(Stored data)
● ● ● ● ● ● ●

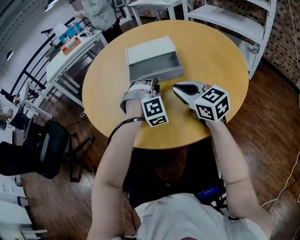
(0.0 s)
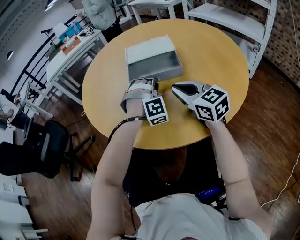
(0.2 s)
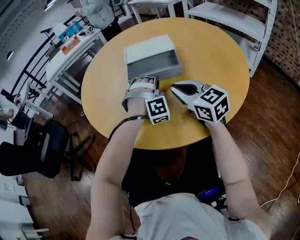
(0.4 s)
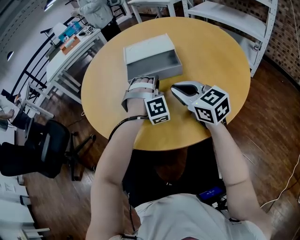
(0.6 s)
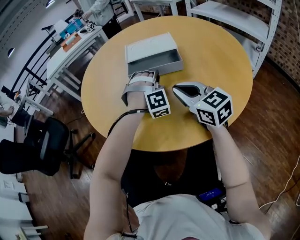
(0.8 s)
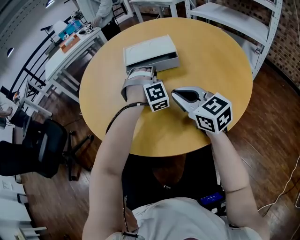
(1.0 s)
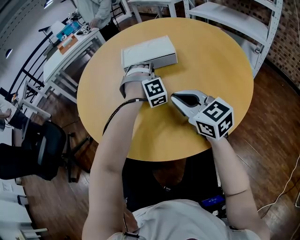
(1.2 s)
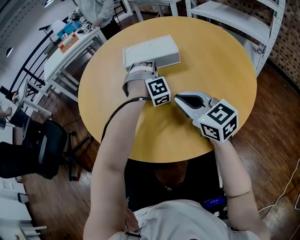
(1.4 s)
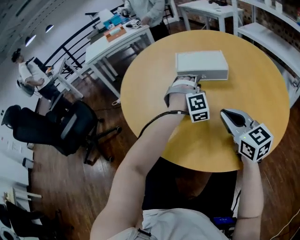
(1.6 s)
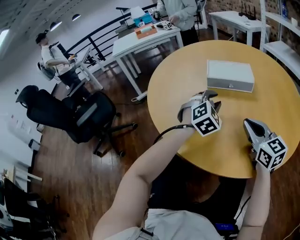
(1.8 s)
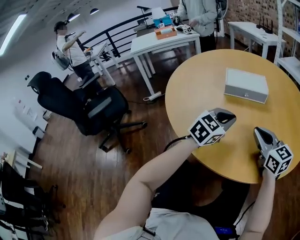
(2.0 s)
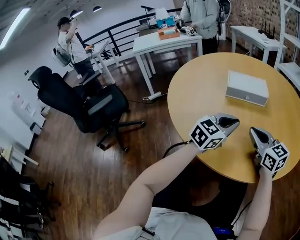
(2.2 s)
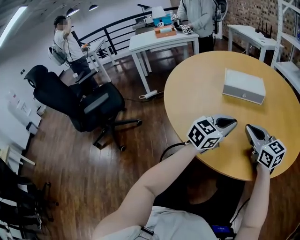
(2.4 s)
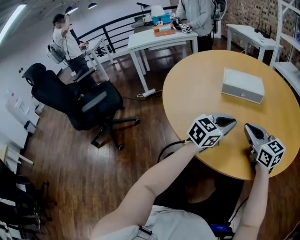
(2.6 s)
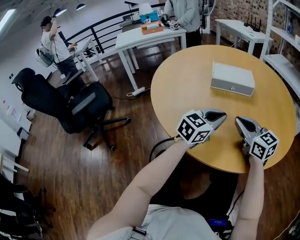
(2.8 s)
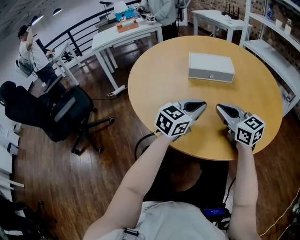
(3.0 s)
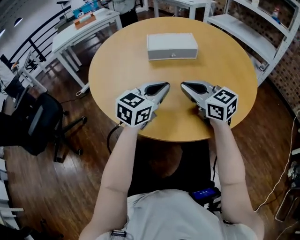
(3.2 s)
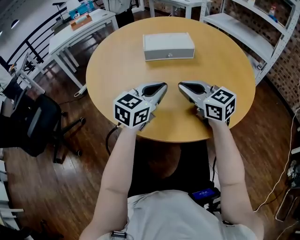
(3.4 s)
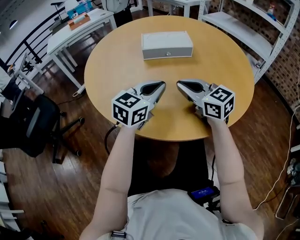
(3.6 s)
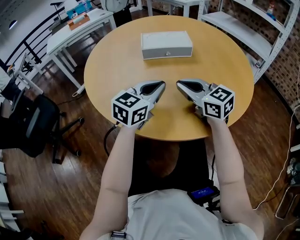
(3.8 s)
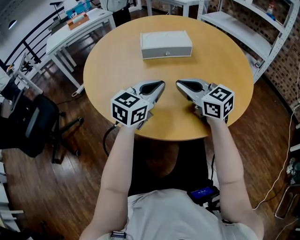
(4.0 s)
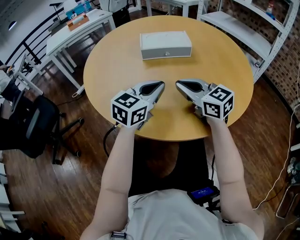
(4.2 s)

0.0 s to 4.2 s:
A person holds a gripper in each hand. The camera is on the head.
0.0 to 1.4 s: The left gripper goes roughly 15 cm forward.
1.4 to 2.8 s: The left gripper goes about 20 cm backward, and twists about 80 degrees counterclockwise, seen from behind.
2.8 to 4.2 s: The grippers stay close to where they were, moving slightly.

● ● ● ● ● ● ●

### EXERCISE GOAL
Return every line of the data above exactly, and omit all pictures.

### ANSWER AREA
(0.0 s)
(0.2 s)
(0.4 s)
(0.6 s)
(0.8 s)
(1.0 s)
(1.2 s)
(1.4 s)
(1.6 s)
(1.8 s)
(2.0 s)
(2.2 s)
(2.4 s)
(2.6 s)
(2.8 s)
(3.0 s)
(3.2 s)
(3.4 s)
(3.6 s)
(3.8 s)
(4.0 s)
(4.2 s)

0.0 s to 4.2 s:
A person holds a gripper in each hand. The camera is on the head.
0.0 to 1.4 s: The left gripper goes roughly 15 cm forward.
1.4 to 2.8 s: The left gripper goes about 20 cm backward, and twists about 80 degrees counterclockwise, seen from behind.
2.8 to 4.2 s: The grippers stay close to where they were, moving slightly.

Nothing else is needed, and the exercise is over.